To address the inflexible policy optimization and low sample efficiency of vision-language models in complex reasoning tasks, this paper proposes a reinforcement learning alignment framework. First, a dynamic curriculum mechanism is designed to enable progressive training scheduling—from exploration to exploitation. Second, an advantage-aware adaptive clipping strategy is introduced, performing fine-grained and robust policy updates based on normalized advantage estimates. Third, a dynamic sample reuse mechanism is integrated to enhance data utilization efficiency. Embedded within the Proximal Policy Optimization (PPO) framework, the method significantly improves multimodal reasoning alignment. It achieves state-of-the-art performance on MathVista, LogicVista, and MMMU-Pro benchmarks, with a 23% faster convergence rate and a 37% reduction in training variance—demonstrating superior stability and generalization.
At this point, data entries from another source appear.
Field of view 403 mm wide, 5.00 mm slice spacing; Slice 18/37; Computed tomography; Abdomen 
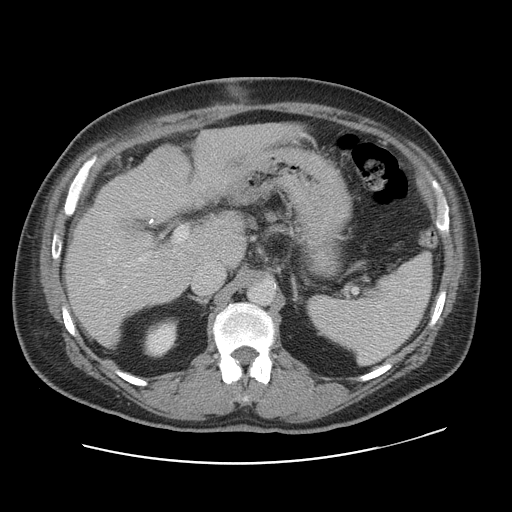 Not every hepatic vessel necessarily has a box.
Findings:
• hepatic vessel: (left=201, top=185, right=206, bottom=188), (left=154, top=261, right=157, bottom=264), (left=124, top=279, right=127, bottom=287), (left=177, top=195, right=187, bottom=200), (left=121, top=260, right=135, bottom=266), (left=173, top=248, right=175, bottom=252), (left=98, top=278, right=105, bottom=283), (left=151, top=209, right=154, bottom=215), (left=135, top=273, right=138, bottom=275), (left=174, top=225, right=187, bottom=242), (left=138, top=252, right=149, bottom=262), (left=215, top=254, right=217, bottom=256)
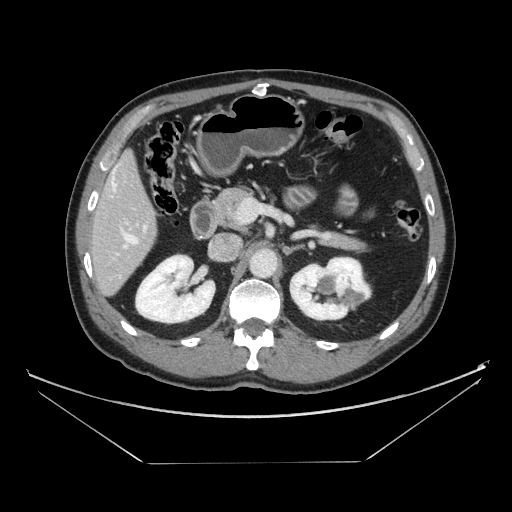

CT scan slice | Abdomen
pancreas: bbox(323, 233, 364, 250); bbox(216, 187, 248, 229)
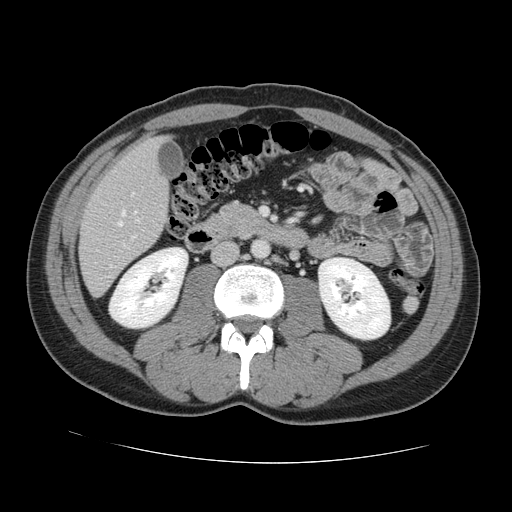

Liver, Computed tomography
Only some of the vessels may be annotated.
Segmented structures:
* hepatic vessel: [x1=109, y1=264, x2=112, y2=267], [x1=134, y1=211, x2=136, y2=213], [x1=136, y1=218, x2=139, y2=221], [x1=131, y1=193, x2=134, y2=195], [x1=131, y1=235, x2=135, y2=238], [x1=121, y1=210, x2=124, y2=215], [x1=118, y1=222, x2=122, y2=225]
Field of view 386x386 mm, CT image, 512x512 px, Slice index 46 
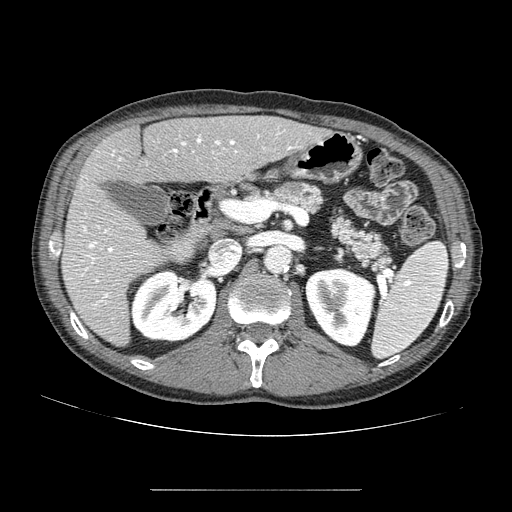

The pancreatic tumor lies within (left=282, top=183, right=301, bottom=195). 2 pancreas regions appear at (left=329, top=211, right=388, bottom=270), (left=252, top=183, right=323, bottom=212).
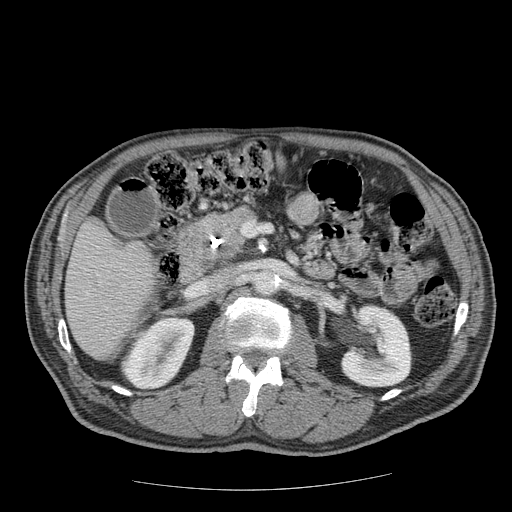
Upper abdomen. CT image. The pancreatic tumor appears at [x1=188, y1=215, x2=242, y2=263]. The pancreas is bounded by [x1=198, y1=205, x2=260, y2=267].
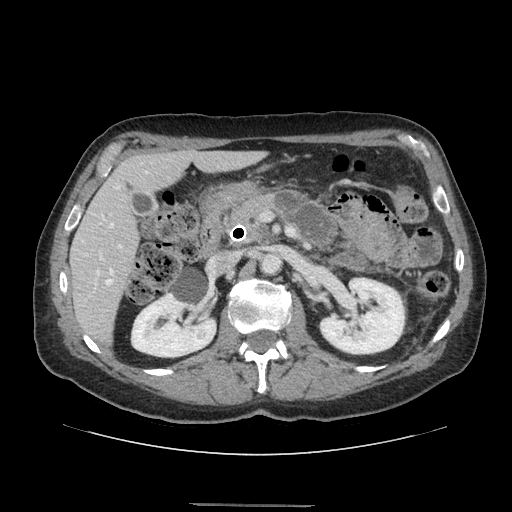
CT
pancreas:
  - (228, 195, 274, 242)
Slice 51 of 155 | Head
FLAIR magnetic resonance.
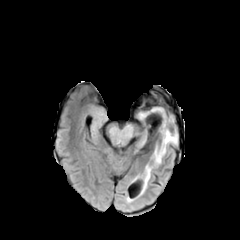
T1-weighted MRI.
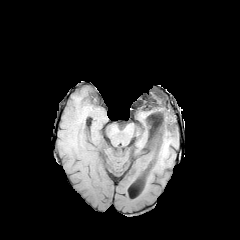
Post-contrast T1-weighted MR.
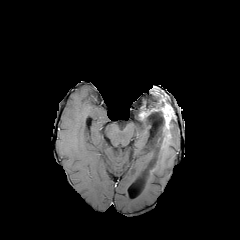
T2-weighted magnetic resonance.
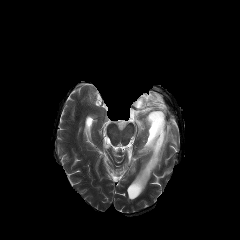
{
  "non-enhancing_tumor_core": [
    "[x1=141, y1=102, x2=164, y2=111]",
    "[x1=161, y1=136, x2=172, y2=151]",
    "[x1=149, y1=111, x2=164, y2=145]"
  ],
  "enhancing_tumor": [
    "[x1=140, y1=106, x2=173, y2=145]"
  ],
  "edema": [
    "[x1=151, y1=131, x2=169, y2=165]",
    "[x1=170, y1=122, x2=177, y2=144]",
    "[x1=141, y1=169, x2=151, y2=191]"
  ]
}
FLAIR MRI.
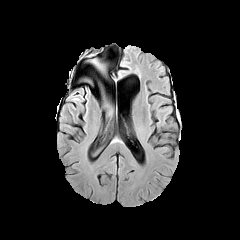
T1-weighted magnetic resonance.
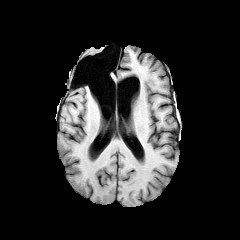
Post-contrast T1-weighted MR.
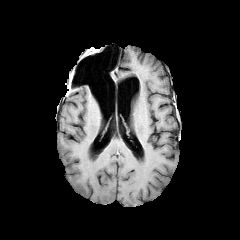
T2-weighted magnetic resonance.
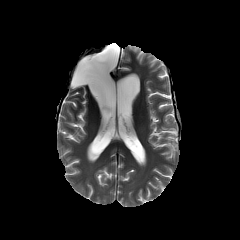
Brain; Image size 240x240
Edema: bounding box region(103, 99, 111, 113); region(87, 55, 102, 66).
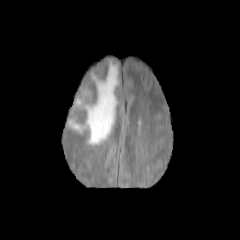
FLAIR MR image.
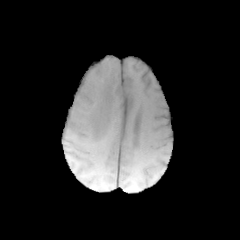
Same slice, T1-weighted magnetic resonance.
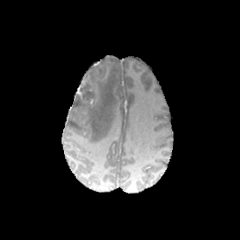
Post-contrast T1-weighted MRI of the same slice.
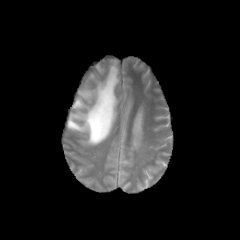
T2-weighted MRI.
- non-enhancing tumor core: (76,81,96,106)
- edema: (68,59,119,145)
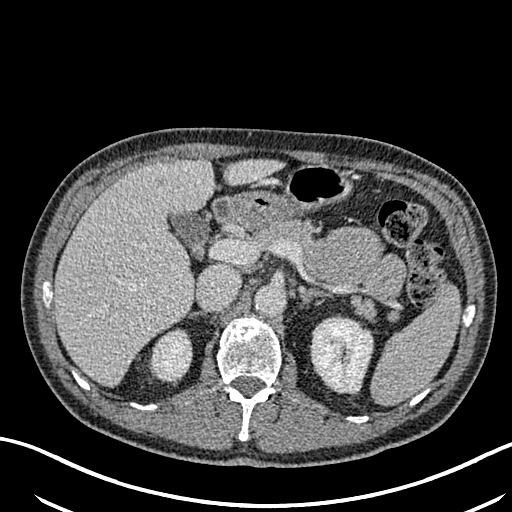

CT image; 512x512
Hepatic lesion: (155,177,167,187).
Kidney: (312,318,372,391), (153,331,191,380).
Liver: (224,159,281,185), (55,160,213,385).

Aligning large-scale vision-language models (VLMs) for complex reasoning via reinforcement learning is often hampered by the limitations of existing policy optimization algorithms, such as static training schedules and the rigid, uniform clipping mechanism in Proximal Policy Optimization (PPO). In this work, we introduce Adaptive Curriculum Policy Optimization (ACPO), a novel framework that addresses these challenges through a dual-component adaptive learning strategy. First, ACPO employs a dynamic curriculum that orchestrates a principled transition from a stable, near on-policy exploration phase to an efficient, off-policy exploitation phase by progressively increasing sample reuse. Second, we propose an Advantage-Aware Adaptive Clipping (AAAC) mechanism that replaces the fixed clipping hyperparameter with dynamic, sample-wise bounds modulated by the normalized advantage of each token. This allows for more granular and robust policy updates, enabling larger gradients for high-potential samples while safeguarding against destructive ones. We conduct extensive experiments on a suite of challenging multimodal reasoning benchmarks, including MathVista, LogicVista, and MMMU-Pro. Results demonstrate that ACPO consistently outperforms strong baselines such as DAPO and PAPO, achieving state-of-the-art performance, accelerated convergence, and superior training stability.